Jusqu'à Misla, le terrain est plat et sans obstacle.

Le problème, c'est le chemin de Misla à la capitale.

Si on avait le temps de faire des détours, ce serait une chose, mais cette fois il faut se rendre à la capitale au plus vite.

Cela signifie qu'il faut emprunter la grand-route.

En prenant la grand-route, on doit traverser plusieurs villes sur le chemin.

Comme il n'a plus le titre de grand général, on craignait que le passage prenne du temps.

Mais ce problème a été résolu par le vicomte de Misla.

À la vue de Bald, le vicomte de Misla a manifesté une grande joie et nous a festoyés toute une nuit.

Il nous a même délivré le laissez-passer le plus haut niveau qu'il puisse émettre.

Le lendemain matin, quand Bald et les siens ont tenté de quitter la résidence du vicomte, une foule nombreuse bordait la place et la route.

Quand on a demandé au vicomte de Misla s'il y avait une cérémonie, il a répondu que c'était pour vous voir, ne serait-ce qu'une fois.

« Il y a six ans, vous êtes venu au fort de Corpos en tant que grand général, vous avez harangué nos soldats et repoussé les bêtes magiques.

Sans vous, les soldats du fort de Corpos auraient été anéantis.

On ne sait pas ce qu'il serait advenu de cette ville de Misla.

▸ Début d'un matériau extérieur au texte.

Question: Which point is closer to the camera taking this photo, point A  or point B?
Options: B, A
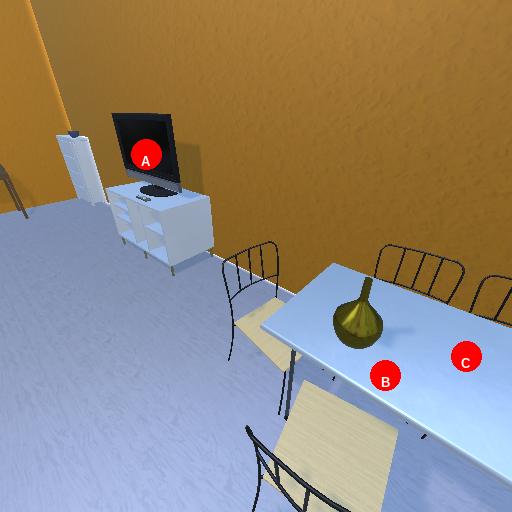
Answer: B
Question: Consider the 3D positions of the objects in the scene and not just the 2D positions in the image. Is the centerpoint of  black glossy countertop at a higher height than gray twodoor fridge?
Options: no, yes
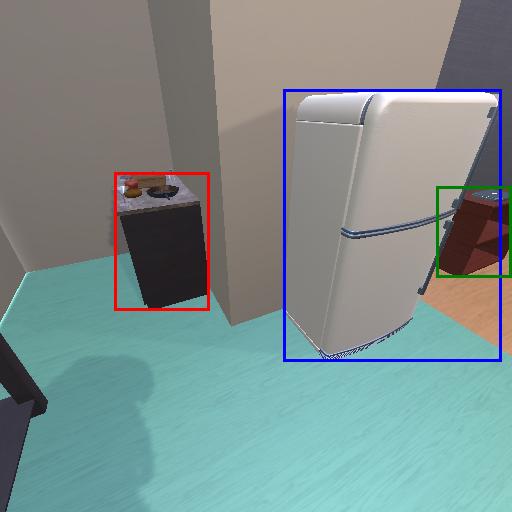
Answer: no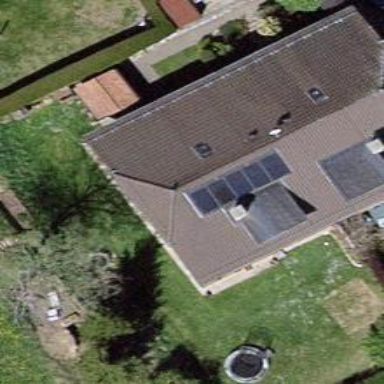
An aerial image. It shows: Half-hipped roof building.
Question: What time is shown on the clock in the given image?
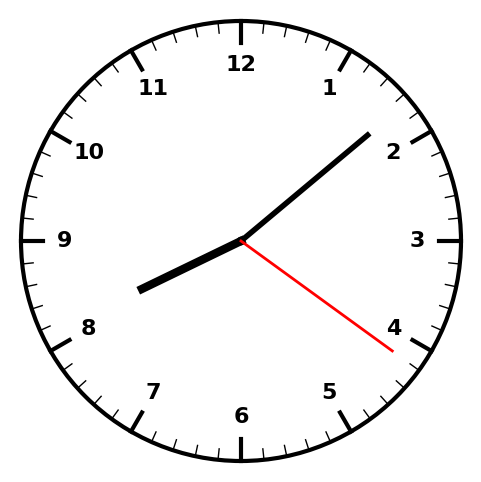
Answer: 08:08:21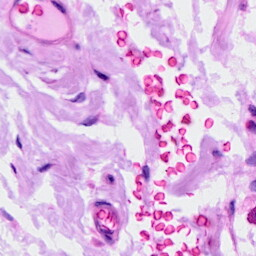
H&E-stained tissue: Ovarian

Les habitants de cette ville ont connu la dette qu'ils vous doivent grâce aux chevaliers qui ont survécu au fort de Corpos.

Ce n'est pas tout.

Vous avez redonné leur fierté aux chevaliers de ce fort et leur avez enseigné comment combattre.

Depuis, ceux qui servent au fort sont devenus du jour au lendemain des héros populaires.

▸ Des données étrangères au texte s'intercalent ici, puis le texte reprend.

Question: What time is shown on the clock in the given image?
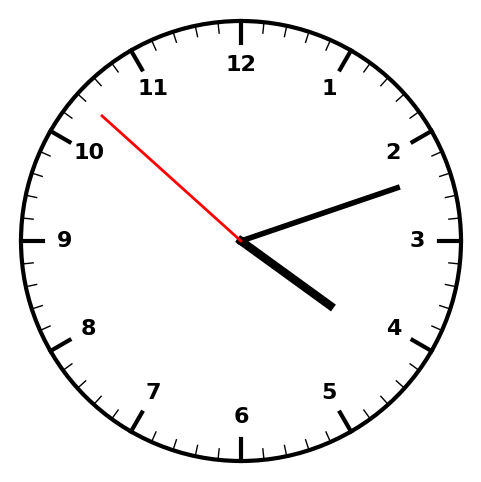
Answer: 04:11:52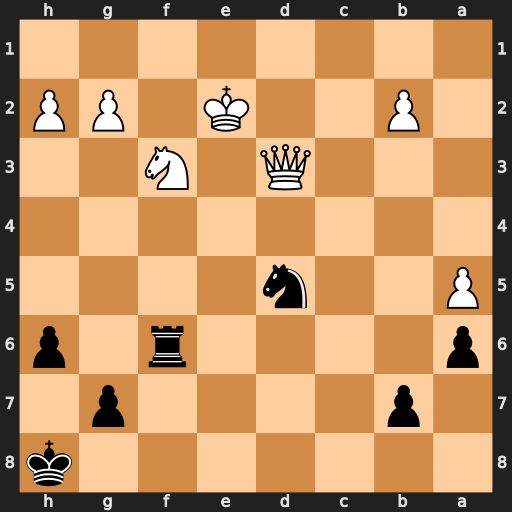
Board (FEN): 7k/1p4p1/p4r1p/P2n4/8/3Q1N2/1P2K1PP/8
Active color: b
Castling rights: -
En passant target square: -
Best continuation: Nf4+ Ke3 Nxd3

Et il y a cinq ans, vous avez repoussé l'effroyable horde de bêtes magiques qui s'abattait sur le château de Rodovan, et vous nous avez sauvés.

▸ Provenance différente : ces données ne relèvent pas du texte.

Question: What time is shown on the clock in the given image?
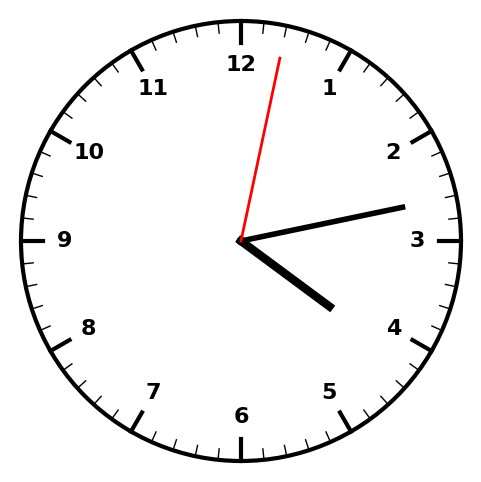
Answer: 04:13:02

Le peuple de Misla, apprenant que son bienfaiteur visitait la ville, s'est ainsi rué ici. »

« Holà, holà !

Seigneur Bald.

Regarde, tout le monde vous fait signe de la main.

Répondez-leur donc ! »

Tout décontenancé par ce tournant inattendu, j'ai levé la main droite sans réfléchir sur l'injonction de Cara.

Sur l'instant, une immense rumeur s'est élevée.

« Lord Roen.

Si vous le voulez bien, veuillez dégainer cette épée divine Stabros pour répondre aux acclamations du peuple. »

Je pensais demander ce qu'était cette « épée divine Stabros », mais Cara m'a coupé la parole.

« Allez, seigneur Bald.

Sortez l'épée maudite.

Vite, vite.

Montrez-leur le talent du forgeron Zendatta.

Allez, allez ! »

Poussé par l'élan de Cara, j'ai fini par dégainer l'épée ancienne et la lever au-dessus de ma tête.

À cet instant.

Une acclamation phénoménale a éclaté.

Notre groupe a quitté la ville de Misla sous les adieux en larmes d'une foule nombreuse.

3

Au final, le laissez-passer n'était peut-être pas nécessaire.

Dans de nombreuses villes, dès qu'on a donné notre nom à la porte, on a été accueillis en invités d'honneur.

Mais il n'a pas été possible de passer rapidement.

Dans chaque ville, sans même avoir à demander où se trouvait l'auberge, on a été invités par le seigneur ou son intendant.

Les notables de la ville venaient saluer, et il arrivait souvent qu'on ne puisse pas repartir le lendemain.

Malgré tout, nous sommes arrivés à la capitale royale dès le début du mois d'août.